Great, @andersonbcdefg I downloaded this data file . What model/service did you use to vectorize the text? Can you share your vectorization technique/code? That way i can try to reproduce exactly what you are seeing.

ashvardanian commented 9 months ago

Thanks for the issue, @andersonbcdefg! Current version has very high variance depending on the dataset and other function arguments. I will be releasing a different algorithm in v3 😉 Will you be open to help test it before the public release?

andersonbcdefg commented 9 months ago

i'm down! i did just rip all the usearch clustering out of my codebase and replace it with K-means, haha. but i'll test it outside of prod on similar datasets and see if it's faster, and if so i can put it back! :D I do think the resulting K-means clusters are a bit worse, but it's 20 seconds for streaming k-means vs 10 minutes for usearch so that was a pretty major difference.

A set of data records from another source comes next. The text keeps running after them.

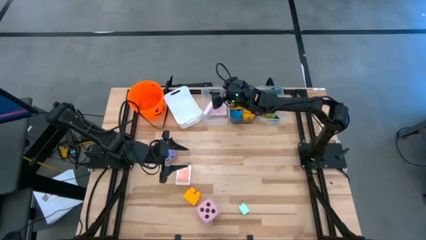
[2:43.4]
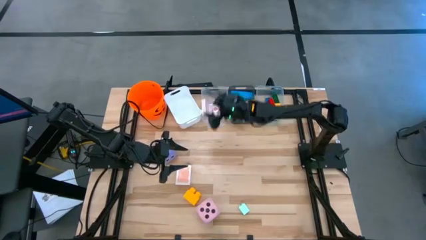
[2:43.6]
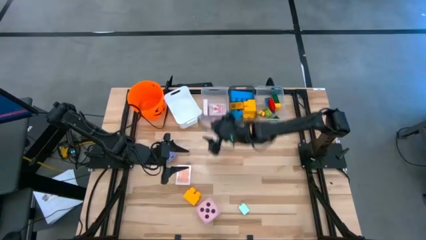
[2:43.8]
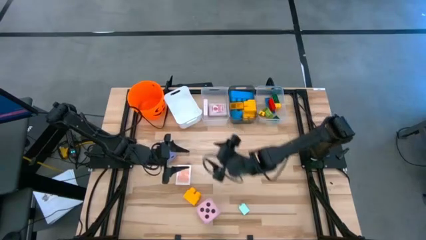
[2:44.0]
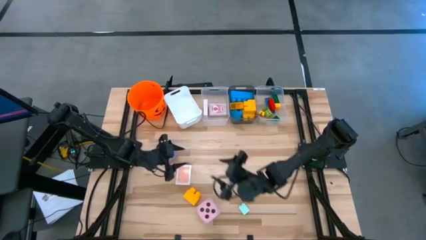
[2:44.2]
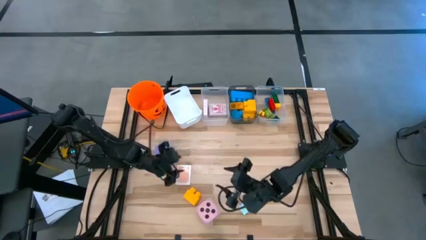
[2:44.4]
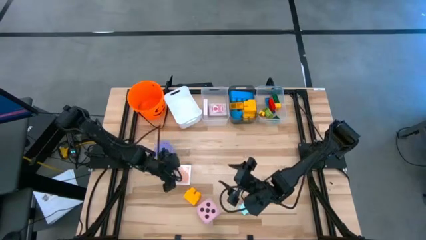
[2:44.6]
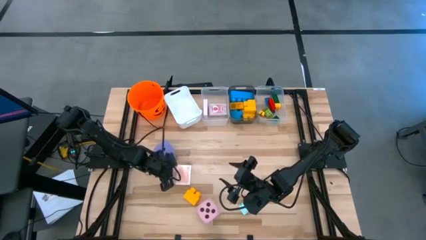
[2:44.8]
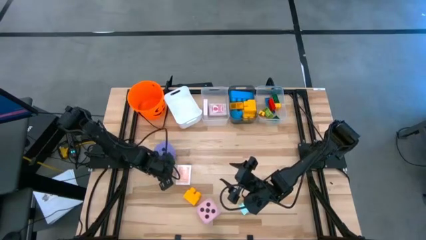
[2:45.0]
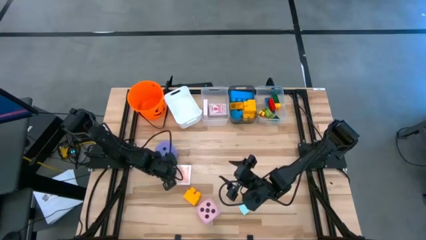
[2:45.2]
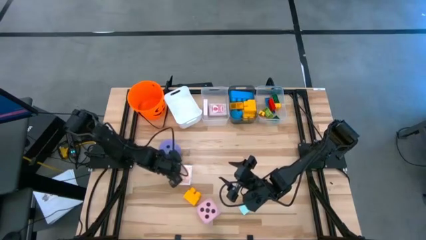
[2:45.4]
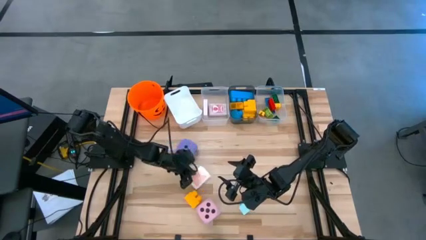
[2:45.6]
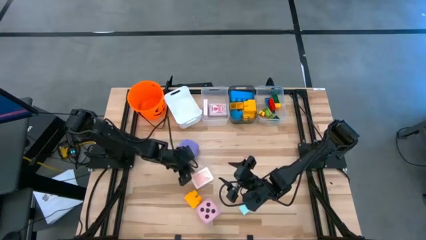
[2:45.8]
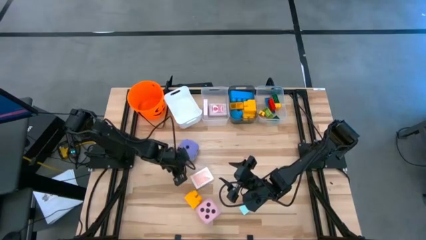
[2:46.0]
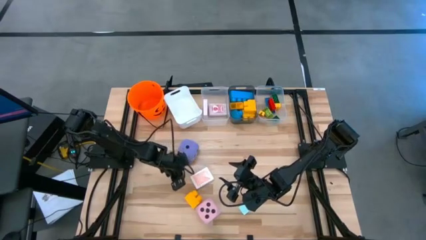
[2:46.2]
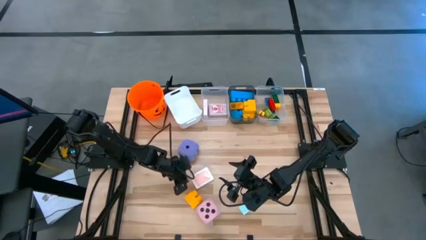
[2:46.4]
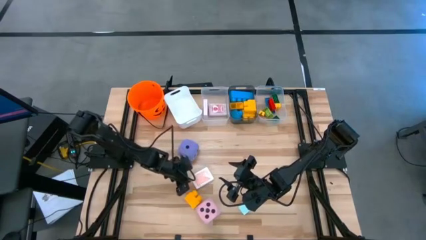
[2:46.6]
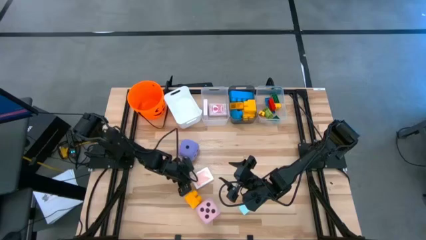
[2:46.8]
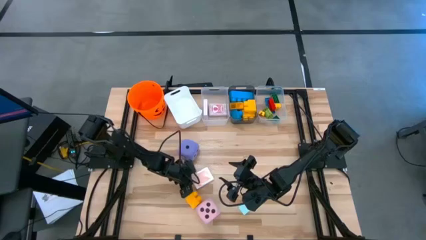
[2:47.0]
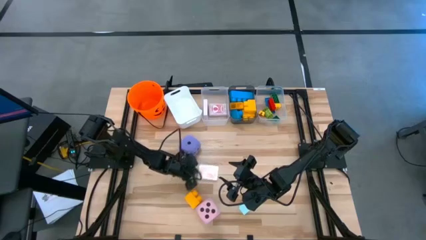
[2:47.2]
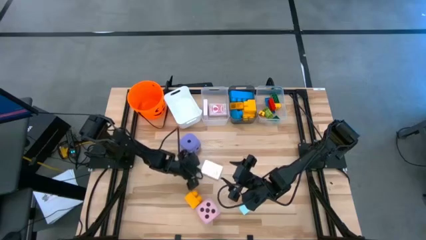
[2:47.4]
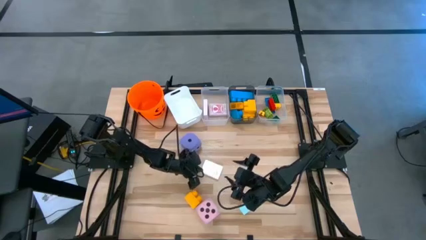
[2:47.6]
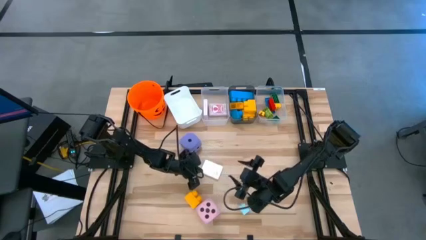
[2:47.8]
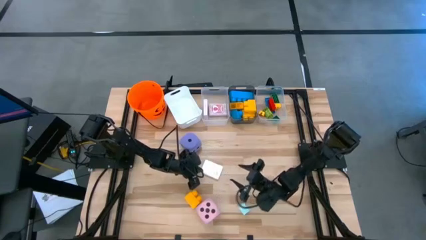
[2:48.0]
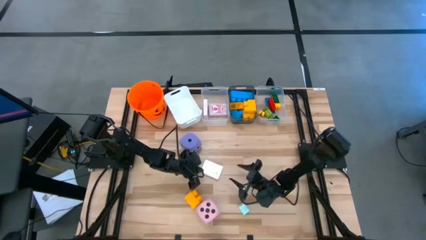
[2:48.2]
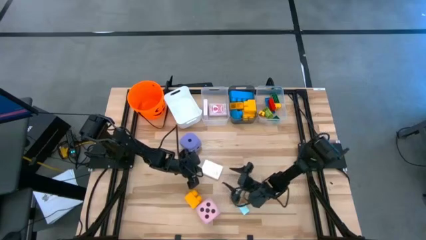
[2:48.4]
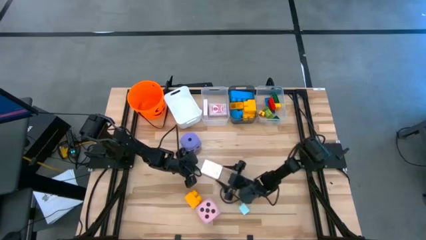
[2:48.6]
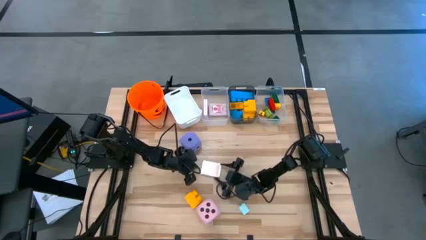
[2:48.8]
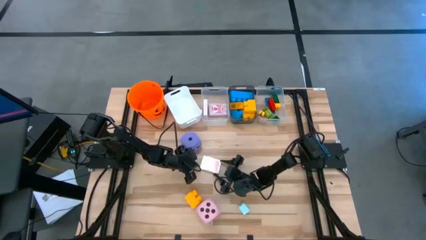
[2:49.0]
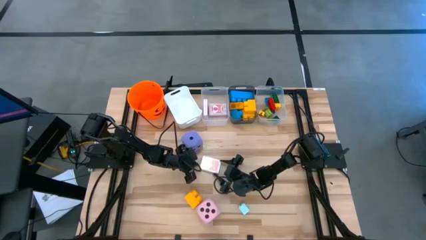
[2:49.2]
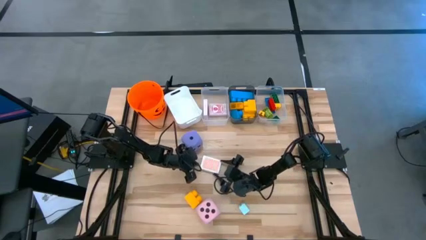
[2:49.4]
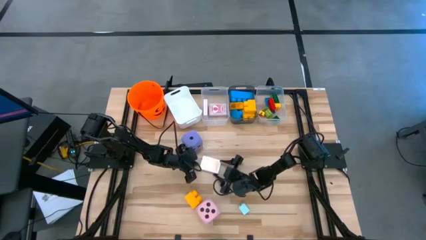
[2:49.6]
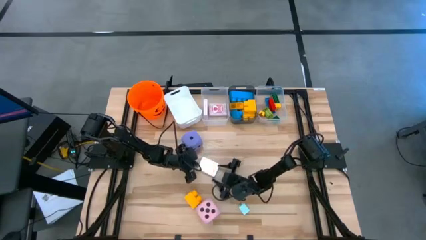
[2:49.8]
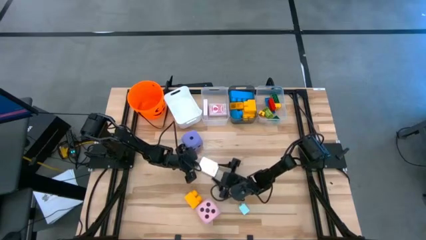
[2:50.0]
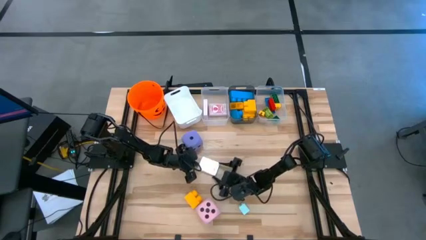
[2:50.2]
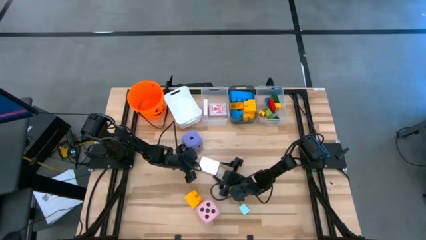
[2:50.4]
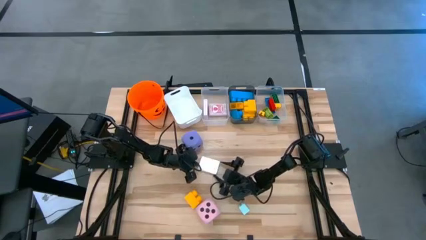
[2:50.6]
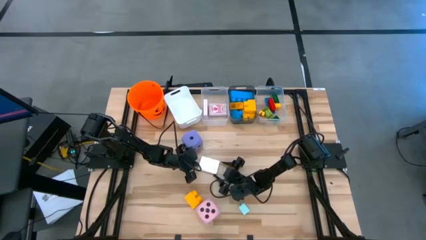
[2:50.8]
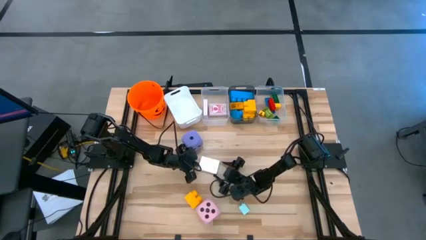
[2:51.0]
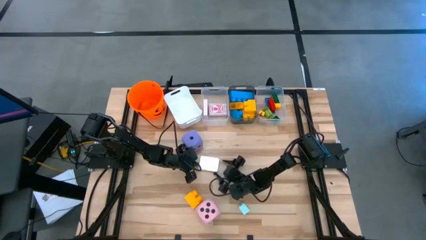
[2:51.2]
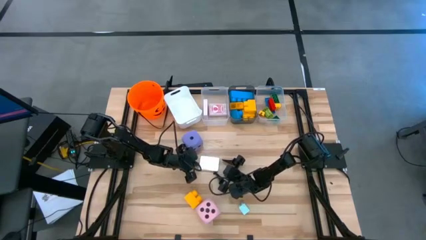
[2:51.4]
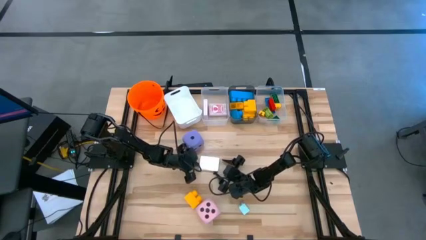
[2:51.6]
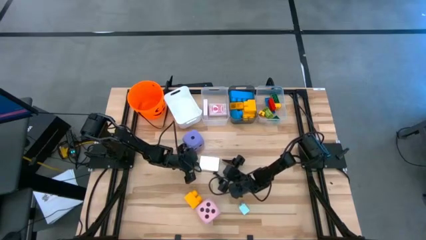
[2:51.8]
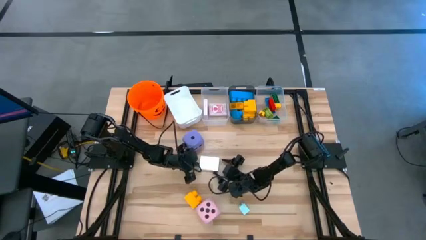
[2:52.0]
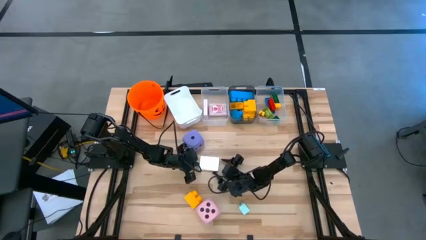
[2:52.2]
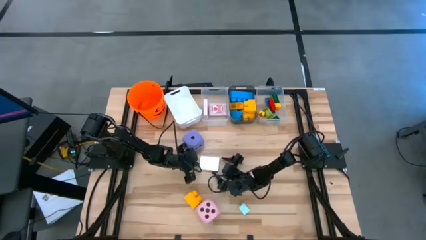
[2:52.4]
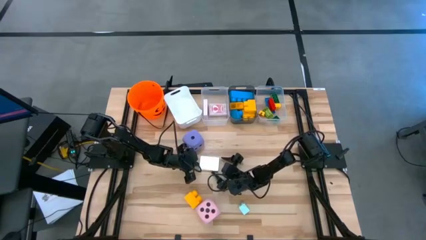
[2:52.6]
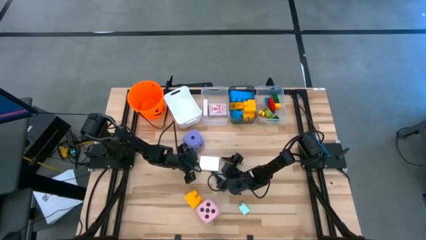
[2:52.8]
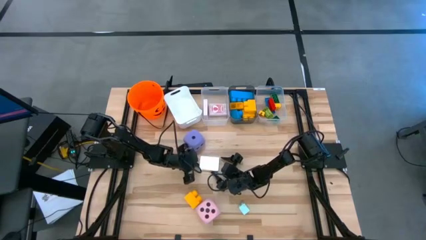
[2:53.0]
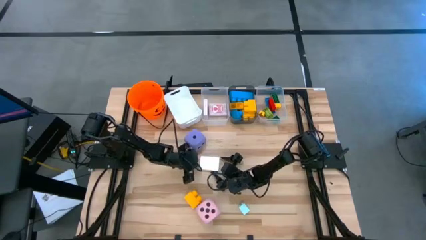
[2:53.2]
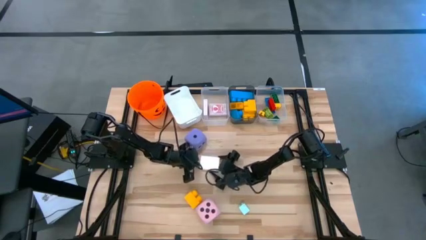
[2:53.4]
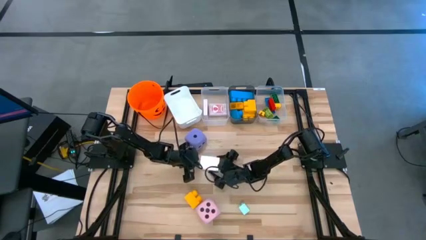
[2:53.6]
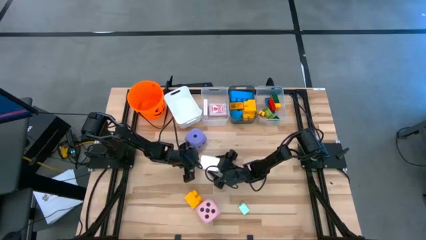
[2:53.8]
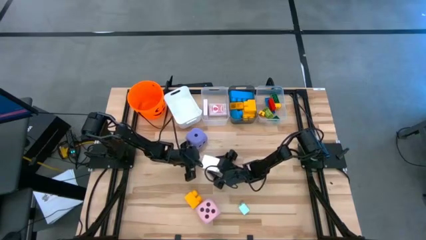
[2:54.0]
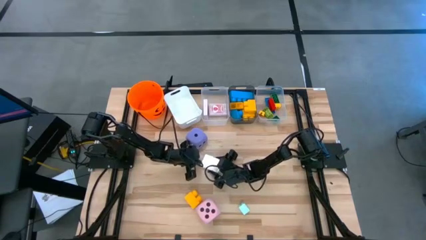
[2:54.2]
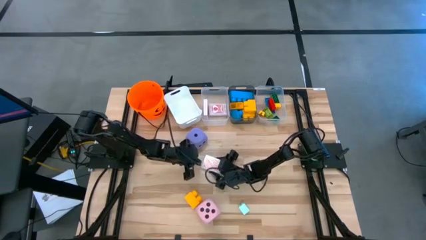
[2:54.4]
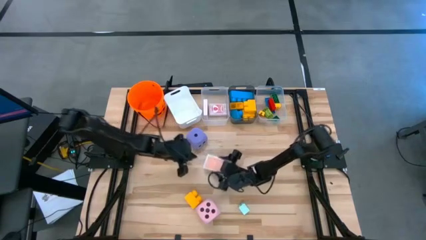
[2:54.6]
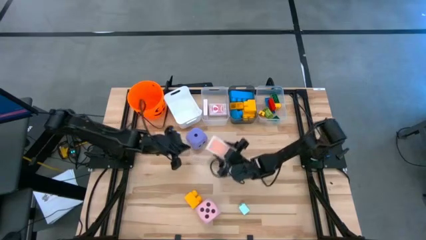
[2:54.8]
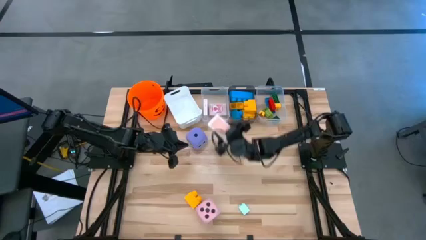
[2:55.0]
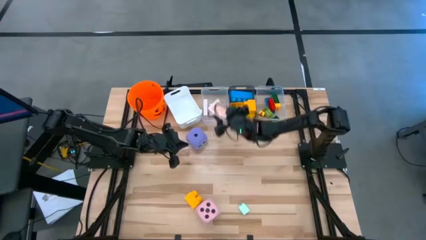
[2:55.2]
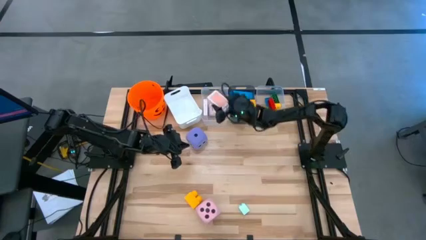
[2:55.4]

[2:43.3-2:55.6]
Task: Pick & Place Toys
Put the orange deck of cards into the left transparent bin

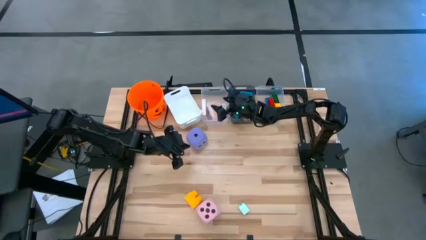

andersonbcdefg commented 9 months ago

@sourcesync I didn't do anything crazy just compute dense embeddings with an open-source model like BGE-small over the "conversations" field converted to text by unrolling the conversation with "user:" and "assistant:" prefixes

sourcesync commented 9 months ago

@sourcesync I didn't do anything crazy just compute dense embeddings with an open-source model like BGE-small over the "conversations" field converted to text by unrolling the conversation with "user:" and "assistant:" prefixes

Thanks @andersonbcdefg. Per Ash's comment, I was assuming there is something going on with the statistical distribution of your vectors giving you worst-case performance. When I get a chance, I'll try a different vectorizer using the same fields you used.